Ces deux premiers projets qui, sur le plan technique, témoignent d'une habileté et d'une perfection extraordinaires, sont, en quelque sorte, effacés par la réalisation du troisième projet (fig. 19, 3), mis en œuvre (...) lorsque la construction de la pyramide eut été très avancée. Il s'agissait de construire le caveau définitif, toujours à l'intérieur de la pyramide, mais à une hauteur plus grande.
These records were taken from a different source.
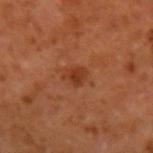Clinical impression: Imaged during a routine full-body skin examination; the lesion was not biopsied and no histopathology is available. Image and clinical context: On the left forearm. The lesion-visualizer software estimated an area of roughly 4 mm², an outline eccentricity of about 0.55 (0 = round, 1 = elongated), and a symmetry-axis asymmetry near 0.3. The analysis additionally found an average lesion color of about L≈35 a*≈26 b*≈33 (CIELAB) and about 8 CIELAB-L* units darker than the surrounding skin. And it measured border irregularity of about 3 on a 0–10 scale, a within-lesion color-variation index near 2/10, and peripheral color asymmetry of about 0.5. The software also gave a classifier nevus-likeness of about 60/100 and a lesion-detection confidence of about 100/100. Approximately 2.5 mm at its widest. A male patient, roughly 60 years of age. A close-up tile cropped from a whole-body skin photograph, about 15 mm across. This is a cross-polarized tile.
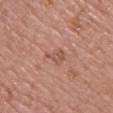Q: Was this lesion biopsied?
A: total-body-photography surveillance lesion; no biopsy
Q: What is the anatomic site?
A: the right upper arm
Q: Lesion size?
A: ~3 mm (longest diameter)
Q: How was this image acquired?
A: 15 mm crop, total-body photography
Q: How was the tile lit?
A: white-light
Q: What are the patient's age and sex?
A: female, approximately 50 years of age
Q: Automated lesion metrics?
A: an area of roughly 3.5 mm² and an eccentricity of roughly 0.8; an average lesion color of about L≈53 a*≈24 b*≈28 (CIELAB), roughly 8 lightness units darker than nearby skin, and a normalized lesion–skin contrast near 5.5; a nevus-likeness score of about 0/100 and a detector confidence of about 100 out of 100 that the crop contains a lesion
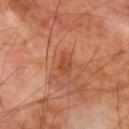Located on the left forearm. Captured under cross-polarized illumination. Automated image analysis of the tile measured an area of roughly 3.5 mm². It also reported an automated nevus-likeness rating near 0 out of 100 and a detector confidence of about 100 out of 100 that the crop contains a lesion. Longest diameter approximately 3 mm. A male subject, aged 68 to 72. A 15 mm crop from a total-body photograph taken for skin-cancer surveillance.
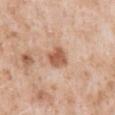workup: total-body-photography surveillance lesion; no biopsy | subject: male, approximately 50 years of age | lighting: white-light illumination | imaging modality: 15 mm crop, total-body photography | body site: the back.
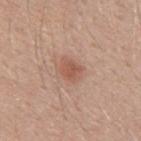The subject is a male in their 40s. Automated image analysis of the tile measured border irregularity of about 2.5 on a 0–10 scale, a color-variation rating of about 2/10, and a peripheral color-asymmetry measure near 0.5. This is a white-light tile. A 15 mm crop from a total-body photograph taken for skin-cancer surveillance. Located on the upper back. About 3 mm across.
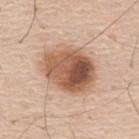biopsy status=catalogued during a skin exam; not biopsied
acquisition=15 mm crop, total-body photography
patient=male, about 60 years old
lesion size=~6.5 mm (longest diameter)
body site=the upper back
lighting=white-light
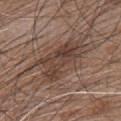| field | value |
|---|---|
| follow-up | imaged on a skin check; not biopsied |
| image source | ~15 mm crop, total-body skin-cancer survey |
| patient | male, aged 43–47 |
| location | the chest |

illustration extraite de la Description de l'Égypte - 1799 |
Cette galerie, connue sous le nom de "grande galerie", est dans un admirable état de conservation, n'ayant souffert qu'en un seul endroit, à son point de jonction avec le premier couloir ascendant et avec le couloir horizontal qui conduit à la chambre dite "de la reine". On y voit actuellement un trou, créé par le déplacement des blocs qui reliaient entre eux ces passages. Au fond de ce trou se trouve un puits, primitivement dissimulé par une dalle, qui se développait ensuite en un long boyau au tracé irrégulier. Ce boyau qui traverse, d'abord, la maçonnerie de la pyramide, puis le plateau rocheux, rejoint le couloir souterrain à quelques mètres de l'endroit où il devient horizontal. Ce fut évidemment par ce chemin que les ouvriers, chargés, après l'enterrement du roi, de mettre les herses en place et de bloquer l'entrée du couloir ascendant, purent sortir de la pyramide. Le couloir descendant ne fut fermé au niveau du sol extérieur, que lorsque tous ces travaux furent achevés.
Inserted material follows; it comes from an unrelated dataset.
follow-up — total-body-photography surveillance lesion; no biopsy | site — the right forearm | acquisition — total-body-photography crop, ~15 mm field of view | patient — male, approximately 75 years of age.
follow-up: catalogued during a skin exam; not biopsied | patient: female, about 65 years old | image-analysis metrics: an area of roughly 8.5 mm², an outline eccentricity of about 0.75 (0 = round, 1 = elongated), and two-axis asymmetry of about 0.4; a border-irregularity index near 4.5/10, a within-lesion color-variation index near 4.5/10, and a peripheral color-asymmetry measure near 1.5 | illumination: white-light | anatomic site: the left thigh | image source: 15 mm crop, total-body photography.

illustration extraite du livre de J. Vandier |
Dans la paroi Nord et dans la paroi Sud du caveau, à un mètre environ au-dessus du sol, se trouve une ouverture, point de départ d'un long boyau qui relie le caveau à l'air libre. Le boyau Nord débouche dans la face Nord, à 76 m., environ, au-dessus du niveau du sol, sa pente étant de 31°; le boyau Sud débouche dans la face Sud, à une hauteur à peine plus faible, mais sa pente est de 45°. Un dispositif semblable avait été prévu dans la chambre dite de la reine, mais les travaux n'avaient jamais été achevés. Il est probable que ces cheminées ont été de simples manches à air, destinées à ventiler le caveau, mais on peut, également supposer qu'elles ont eu un rôle religieux, encore que celui-ci ne soit pas évident.
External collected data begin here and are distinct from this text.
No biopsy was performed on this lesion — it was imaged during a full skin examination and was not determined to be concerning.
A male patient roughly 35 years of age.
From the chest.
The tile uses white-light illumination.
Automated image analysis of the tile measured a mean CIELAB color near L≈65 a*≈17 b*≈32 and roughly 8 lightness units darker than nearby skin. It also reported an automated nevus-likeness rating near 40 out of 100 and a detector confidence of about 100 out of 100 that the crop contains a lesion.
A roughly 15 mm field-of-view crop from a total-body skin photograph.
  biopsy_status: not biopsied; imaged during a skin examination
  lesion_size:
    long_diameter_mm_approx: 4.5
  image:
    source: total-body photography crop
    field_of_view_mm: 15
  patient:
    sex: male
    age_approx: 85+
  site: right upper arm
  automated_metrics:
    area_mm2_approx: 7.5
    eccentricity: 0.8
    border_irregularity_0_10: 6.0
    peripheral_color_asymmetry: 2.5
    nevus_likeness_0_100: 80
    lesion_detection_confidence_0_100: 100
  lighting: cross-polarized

Le sarcophage du roi, directement posé sur le dallage, se trouve à l'extrémité Ouest du caveau. C'est une belle cuve, aujourd'hui très dégradée, dont le couvercle a disparu. Ce sarcophage de granit avait certainement été apporté dans le caveau, par l'extérieur, avant l'achèvement de la pyramide. Le corps du roi avait été amené dans un cercueil de bois, qu'on avait placé dans la cuve de granit. Le transport de ce cercueil , par la voie d'accès normale, sans être aisée, n'était pas au-dessus des forces humaines. Le passage du couloir descendant au couloir ascendant, dont l'entrée, on l'a vu, était pratiquée dans le toit, avait dû, cependant, exiger de gros efforts."